Adrenal fatigue can range from minor to severe failure. Addison’s disease is the most severe form of adrenal fatigue. Named for the first physician to write and teach about it, Sir Thomas Addison described AF in 1855.

The most severe form is life threatening if left untreated. As first described, adrenal failure was a result of chronic tubercular infection to the glands. The resulting structural damage to the adrenal glands led to prolonged illness and death. Other causes of profound adrenal failure include metastatic (and primary) neoplasm. This severe form of AF occurs in of only about 4 persons per 100,000, general population.

Patients treated traditionally for Addison’s Disease are prescribed corticosteroids. It is expected that treatment will be life-long. Current belief is that 70% of cases of Addison’s disease are the result of auto-immune disease.

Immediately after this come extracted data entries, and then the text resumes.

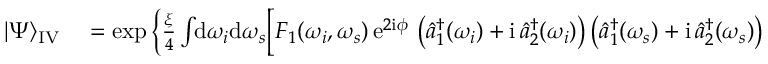
\begin{array} { r l } { | \Psi \rangle _ { \mathrm { I V } } } & { { } = \exp \Big \{ \frac { \xi } { 4 } \int \! \! \mathrm { d } \omega _ { i } \mathrm { d } \omega _ { s } \Big [ F _ { 1 } ( \omega _ { i } , \omega _ { s } ) \, \mathrm { e } ^ { 2 \mathrm { i } \phi } \, \left( \hat { a } _ { 1 } ^ { \dagger } ( \omega _ { i } ) + \mathrm { i } \, \hat { a } _ { 2 } ^ { \dagger } ( \omega _ { i } ) \right) \left( \hat { a } _ { 1 } ^ { \dagger } ( \omega _ { s } ) + \mathrm { i } \, \hat { a } _ { 2 } ^ { \dagger } ( \omega _ { s } ) \right) } \end{array}
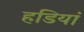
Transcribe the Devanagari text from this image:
हडियां
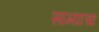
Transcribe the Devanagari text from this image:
साम्याचा
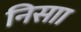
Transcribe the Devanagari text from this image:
निसाा
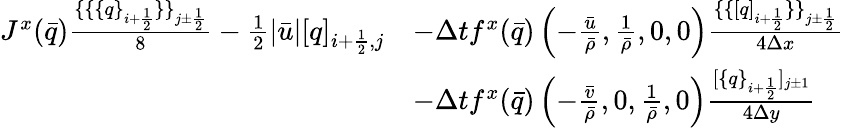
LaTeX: \begin{array}{rl}{J^{x}(\bar{q})\frac{\{ \{ \{ q\} _{i+\frac 12}\} \} _{j\pm\frac 12}}{8}-\frac 12|\bar{u}|[q]_{i+\frac 12,j}}&{-\Delta tf^{x}(\bar{q})\left(-\frac{\bar{u}}{\bar{\rho}},\frac{1}{\bar{\rho}},0,0\right)\frac{\{ \{ [q]_{i+\frac 12}\} \} _{j\pm\frac 12}}{4\Delta x}}\\ &{-\Delta tf^{x}(\bar{q})\left(-\frac{\bar{v}}{\bar{\rho}},0,\frac{1}{\bar{\rho}},0\right)\frac{[\{ q\} _{i+\frac 12}]_{j\pm 1}}{4\Delta y}}\end{array}
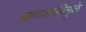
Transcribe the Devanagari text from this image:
प्राणशक्तीमुळे
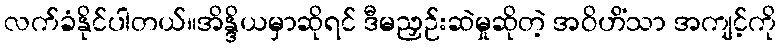
လက်ခံနိုင်ပါတယ်။အိန္ဒိယမှာဆိုရင် ဒီမညှဉ်းဆဲမှုဆိုတဲ့ အဝိဟိံသာ အကျင့်ကို
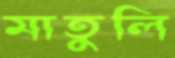
মাতুলি
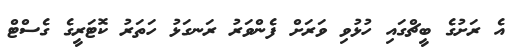
އެ ރަށުގެ ބީޗްގައި ހުޅުވި ވަރަށް ފެންވަރު ރަނގަޅު ހަތަރު ކޮޓަރީގެ ގެސްޓް
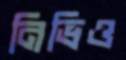
নিভিও
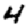
Digit: 4
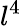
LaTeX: l^{4}
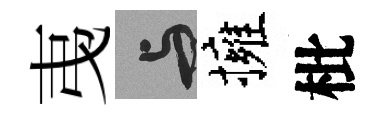
𢎯与擁枇
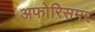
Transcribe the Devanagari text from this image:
अफोरिसमर
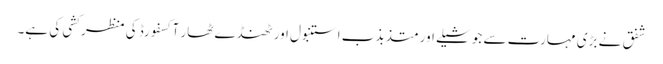
شفق نے بڑی مہارت سے جوشیلے اور متذبذب استنبول اور ٹھنڈے ٹھار آکسفورڈ کی منظر کشی کی ہے۔
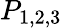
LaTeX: P_{1,2,3}
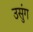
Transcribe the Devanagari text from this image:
उसुंग
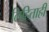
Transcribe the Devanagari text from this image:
लिहिताही
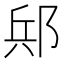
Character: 𨛪
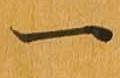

But stress can also take its toll in less obvious ways, like an abscessed tooth, a bout of the flu, intense physical exertion, a severe quarrel with a loved one, pressure at the workplace, an unhappy relationship, environmental toxins, poor diet, etc. If these smaller stresses occur simultaneously, accumulate or become chronic, and the adrenals have no opportunity to fully recover, adrenal fatigue may result. Often the causes of adrenal fatigue are so obvious because the face of combined stresses may present so differently. It is the summation or bundle of stresses, recognized or not, as well as the intensity of each stress, the frequency plus the duration, all in the entirety that establishes stress load.

Causes of Adrenal Fatigue

Adrenal fatigue, in all its mild and severe forms, is usually caused by some form of stress. Stress can be physical, emotional, psychological, environmental, infectious, or a combination of these. It is important to know that your adrenals respond to every kind of stress the same, whatever the source.

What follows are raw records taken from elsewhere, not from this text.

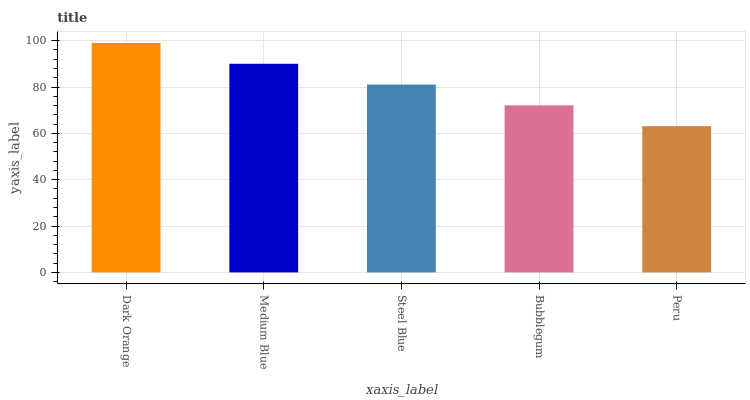
| xaxis_label | bars |
 | --- | --- |
 | Dark Orange | 99 |
 | Medium Blue | 90 |
 | Steel Blue | 81.1 |
 | Bubblegum | 72.1 |
 | Peru | 63.1 |
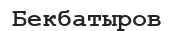
Бекбатыров
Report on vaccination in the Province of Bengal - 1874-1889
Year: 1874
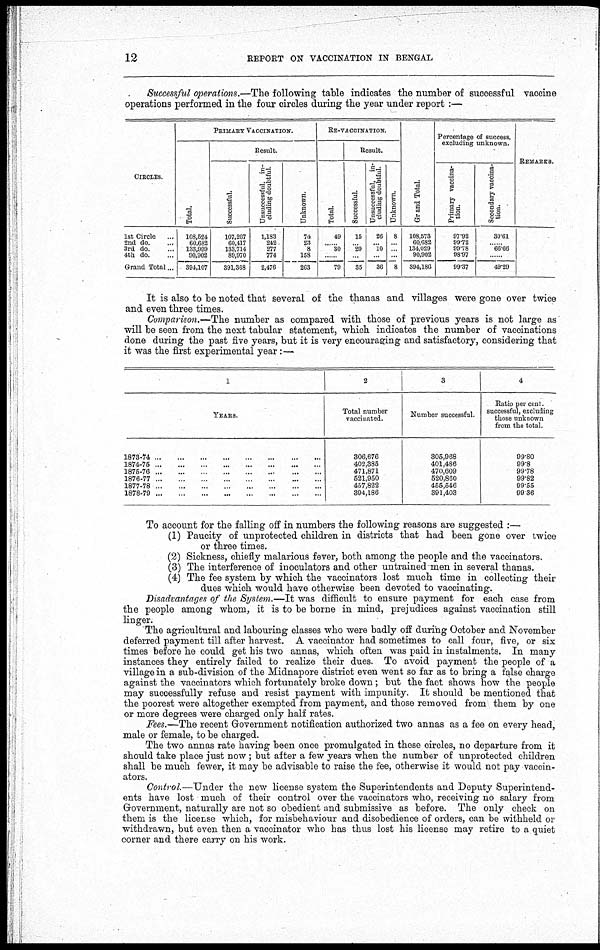
12
REPORT ON VACCINATION IN BENGAL
Successful operations.—The following table indicates the number of successful vaccine
operations performed in the four circles during the year under report:—
CIRCLES.
1st Circle ...
2nd do. ...
3rd do. ...
4th do. ...
Grand Total...
PRIMARY VACCINATION.
Total.
108,524
60,632
133,999
90,902
394,107
Result.
Successful.
107,267
60,417
133,714
89,970
391,368
Unsuccessful, in-
cluding doubtful.
1,183
242
277
774
2,476
Unknown.
74
23
8
158
263
RE-VACCINATION.
Total.
49
...
30
...
79
Result.
Successful.
15
... 20
...
35
Unsuccessful, in-
cluding doubtful.
26
... 10
...
36
Unknown.
8
...
...
...
8
Grand Total.
108,573
60,682
134,029
90,902
394,186
Percentage of success,
excluding unknown.
Primary vaccina-
tion.
97.92
99.72
99.78
98.97
99.37
Secondary vaccina-
tion.
30.61
... 66.66
......
49.29
REMARKS.
It is also to be noted that several of the thanas and villages were gone over twice
and even three times.
Comparison.—The number as compared with those of previous years is not large as
will be seen from the next tabular statement, which indicates the number of vaccinations
done during the past five years, but it is very encouraging and satisfactory, considering that
it was the first experimental year: —
1
YEARS.
1873-74
...
...
...
...
...
...
...
1874-75
...
...
...
...
...
...
...
1875-76
...
...
...
...
...
...
...
1876-77
...
...
...
...
...
...
...
1877-78
...
...
...
...
...
...
...
1878-79
...
...
...
...
...
...
...
2
Total number
vaccinated.
306,676
402,385
471,871
521,950
457,822
394,186
3
Number successful.
305,968
401,486
470,609
520,860
455,546
391,403
4
Ratio per cent.
successful, excluding
those unknown
from the total
99.80
99.8
99.78
99.82
99.55
99.36
To account for the falling off in numbers the following reasons are suggested :—
(1) Paucity of unprotected children in districts that had been gone over twice
or three times.
(2) Sickness, chiefly malarious fever, both among the people and the vaccinators.
(3) The interference of inoculators and other untrained men in several thanas.
(4) The fee system by which the vaccinators lost much time in collecting their
dues which would have otherwise been devoted to vaccinating.
Disadvantages of the System.—It was difficult to ensure payment for each case from
the people among whom, it is to be borne in mind, prejudices against vaccination still
linger.
The agricultural and labouring classes who were badly off during October and November
deferred payment till after harvest. A vaccinator had sometimes to call four, five, or six
times before he could get his two annas, which often was paid in instalments. In many
instances they entirely failed to realize their dues. To avoid payment the people of a
village in a sub-division of the Midnapore district even went so far as to bring a false charge
against the vaccinators which fortunately broke down; but the fact shows how the people
may successfully refuse and resist payment with impunity. It should be mentioned that
the poorest were altogether exempted from payment, and those removed from them by one
or more degrees were charged only half rates.
Fees.—The recent Government notification authorized two annas as a fee on every head,
male or female, to be charged.
The two annas rate having been once promulgated in these circles, no departure from it
should take place just now ; but after a few years when the number of unprotected children
shall be much fewer, it may be advisable to raise the fee, otherwise it would not pay vaccin-
ators.
Control.—Under the new license system the Superintendents and Deputy Superintend-
ents have lost much of their control over the vaccinators who, receiving no salary from
Government, naturally are not so obedient and submissive as before. The only check on
them is the license which, for misbehaviour and disobedience of orders, can be withheld or
withdrawn, but even then a vaccinator who has thus lost his license may retire to a quiet
corner and there carry on his work.

Diagnosis of Adrenal Fatigue

Adrenal Fatigue is more than a collection of clinical complaints. It is a real physiological phenomenon. In order to be properly treated, it should be properly diagnosed.

First and foremost, diagnosis should be confirmed with hormone level testing. This can be accomplished with serum (blood) studies, saliva testing, or some combination, thereof. Only after obtaining baseline hormone levels, hormone replacement can be initiated.

Simply stated, if the person is suffering from adrenal fatigue, it is likely that cortisol levels will be depressed, and this can be demonstrated with am cortisol levels. Treating the cortisol shortage with cortisol is precisely what is necessary until the adrenal glands are capable of manufacturing the hormone itself. This healing process takes time, and it requires replacement of missing dietary requirements.

In addition, the use of ‘natural adrenal supplements’ will expedite the healing process. While ‘natural,’ there is nothing inherently safer about these products. While they may be available without prescription, they must be used with respect for the damage that can result from misuse. The assistance of a trained professional is essential for the safe use of prescription as well as with many non-prescription medicines.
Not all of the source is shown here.